▶ PROBLEM DETAILS
From top to bottom, print the listing word for word and skip any pictures it contains.

▶ EXERCISE INPUTS
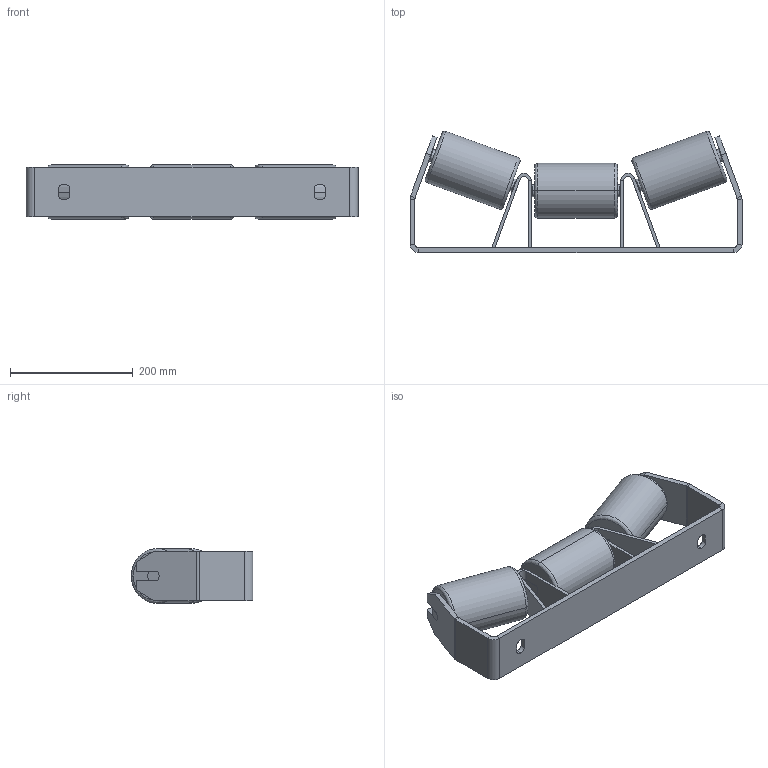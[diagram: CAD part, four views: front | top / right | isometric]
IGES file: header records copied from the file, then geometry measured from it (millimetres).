
Start section: SolidWorks IGES file using analytic representation for surfaces
Global section: file name: Support SNLM 53301 E100 8 B350 20° sans pincement .igs; native system: SolidWorks 2019; preprocessor: SolidWorks 2019; author: guillaume; date: 200221.162905; units: millimetre
Bounding box: 540 x 197.68 x 89 mm (x, y, z)
Volume: 663152.2 mm3; surface area: 513777.8 mm2
Topology: 3 solids, 9 shells, 281 faces, 690 edges, 440 vertices
Faces by surface type: plane 189, revolution 75, bspline 17
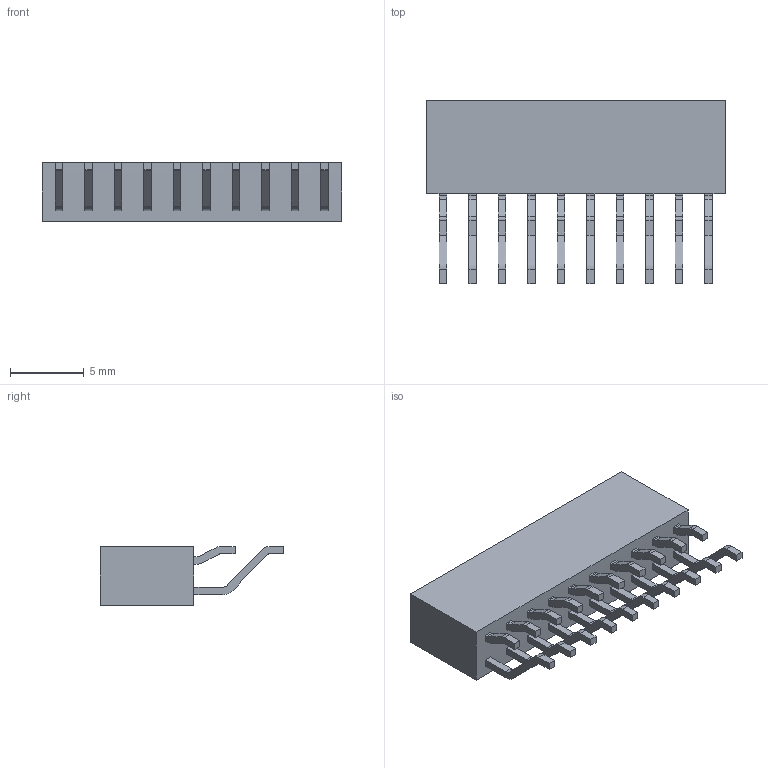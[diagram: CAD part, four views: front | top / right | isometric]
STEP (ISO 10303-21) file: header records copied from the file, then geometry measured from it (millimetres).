
FILE_DESCRIPTION( ('This file contains a STEP AP42 implementation' ,'as created by ZW3D STEP Interface translator.') ,'2;1' );
FILE_NAME( '2263-2XXZXXDYNX1.stp' ,'23 418.161321', (''), ('ZWCAD Software Co.'), 'Version 1.0', 'ZW3D to STEP translator', '' );
FILE_SCHEMA(('AUTOMOTIVE_DESIGN { 1 0 10303 214 1 1 1 1 }'));
Length unit declared in the file: millimetre
Products named in the file (2): 0; 2263-220ZXXDYNT1
Bounding box: 20.33 x 12.45 x 4 mm (x, y, z)
Volume: 485.4 mm3; surface area: 1433.2 mm2
Topology: 1 solids, 1 shells, 1997 faces, 6158 edges, 4060 vertices
Faces by surface type: plane 1451, cylinder 376, bspline 170
Entity records: 89070 total; most frequent: CARTESIAN_POINT 42467, ORIENTED_EDGE 12316, EDGE_CURVE 6158, B_SPLINE_CURVE_WITH_KNOTS 5101, DIRECTION 4941, VERTEX_POINT 4060, EDGE_LOOP 2088, AXIS2_PLACEMENT_3D 2066
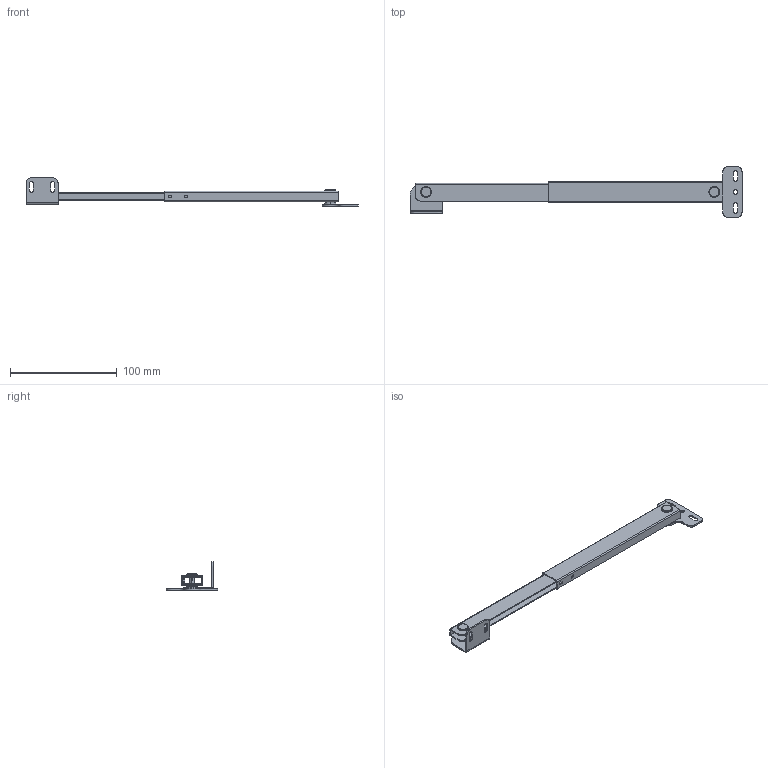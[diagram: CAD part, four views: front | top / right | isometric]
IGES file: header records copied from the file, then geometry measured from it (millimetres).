
Start section: SolidWorks IGES file using analytic representation for surfaces
Global section: file name: B-1223-11-L.IGS,15; native system: HSolidWorks 2014; preprocessor: SolidWorks 2014; author: 1337yo; date: 160818.133617; units: millimetre
Bounding box: 311 x 48 x 26.5 mm (x, y, z)
Surface area: 37031.2 mm2 (no closed solid volume)
Topology: 0 solids, 0 shells, 162 faces, 2572 edges, 2572 vertices
Faces by surface type: bspline 82, revolution 80

▶ TASK RESULT
[diagram: CAD part, four views: front | top / right | isometric]
IGES file: header records copied from the file, then geometry measured from it (millimetres).
Start section: SolidWorks IGES file using analytic representation for surfaces
Global section: file name: Support SNLM 53301 E100 8 B350 20° sans pincement .igs; native system: SolidWorks 2019; preprocessor: SolidWorks 2019; author: guillaume; date: 200221.162905; units: millimetre
Bounding box: 540 x 197.68 x 89 mm (x, y, z)
Volume: 663152.2 mm3; surface area: 513777.8 mm2
Topology: 3 solids, 9 shells, 281 faces, 690 edges, 440 vertices
Faces by surface type: plane 189, revolution 75, bspline 17
[diagram: CAD part, four views: front | top / right | isometric]
STEP (ISO 10303-21) file: header records copied from the file, then geometry measured from it (millimetres).
FILE_DESCRIPTION( ('This file contains a STEP AP42 implementation' ,'as created by ZW3D STEP Interface translator.') ,'2;1' );
FILE_NAME( '2263-2XXZXXDYNX1.stp' ,'23 418.161321', (''), ('ZWCAD Software Co.'), 'Version 1.0', 'ZW3D to STEP translator', '' );
FILE_SCHEMA(('AUTOMOTIVE_DESIGN { 1 0 10303 214 1 1 1 1 }'));
Length unit declared in the file: millimetre
Products named in the file (2): 0; 2263-220ZXXDYNT1
Bounding box: 20.33 x 12.45 x 4 mm (x, y, z)
Volume: 485.4 mm3; surface area: 1433.2 mm2
Topology: 1 solids, 1 shells, 1997 faces, 6158 edges, 4060 vertices
Faces by surface type: plane 1451, cylinder 376, bspline 170
Entity records: 89070 total; most frequent: CARTESIAN_POINT 42467, ORIENTED_EDGE 12316, EDGE_CURVE 6158, B_SPLINE_CURVE_WITH_KNOTS 5101, DIRECTION 4941, VERTEX_POINT 4060, EDGE_LOOP 2088, AXIS2_PLACEMENT_3D 2066
[diagram: CAD part, four views: front | top / right | isometric]
IGES file: header records copied from the file, then geometry measured from it (millimetres).
Start section: SolidWorks IGES file using analytic representation for surfaces
Global section: file name: B-1223-11-L.IGS,15; native system: HSolidWorks 2014; preprocessor: SolidWorks 2014; author: 1337yo; date: 160818.133617; units: millimetre
Bounding box: 311 x 48 x 26.5 mm (x, y, z)
Surface area: 37031.2 mm2 (no closed solid volume)
Topology: 0 solids, 0 shells, 162 faces, 2572 edges, 2572 vertices
Faces by surface type: bspline 82, revolution 80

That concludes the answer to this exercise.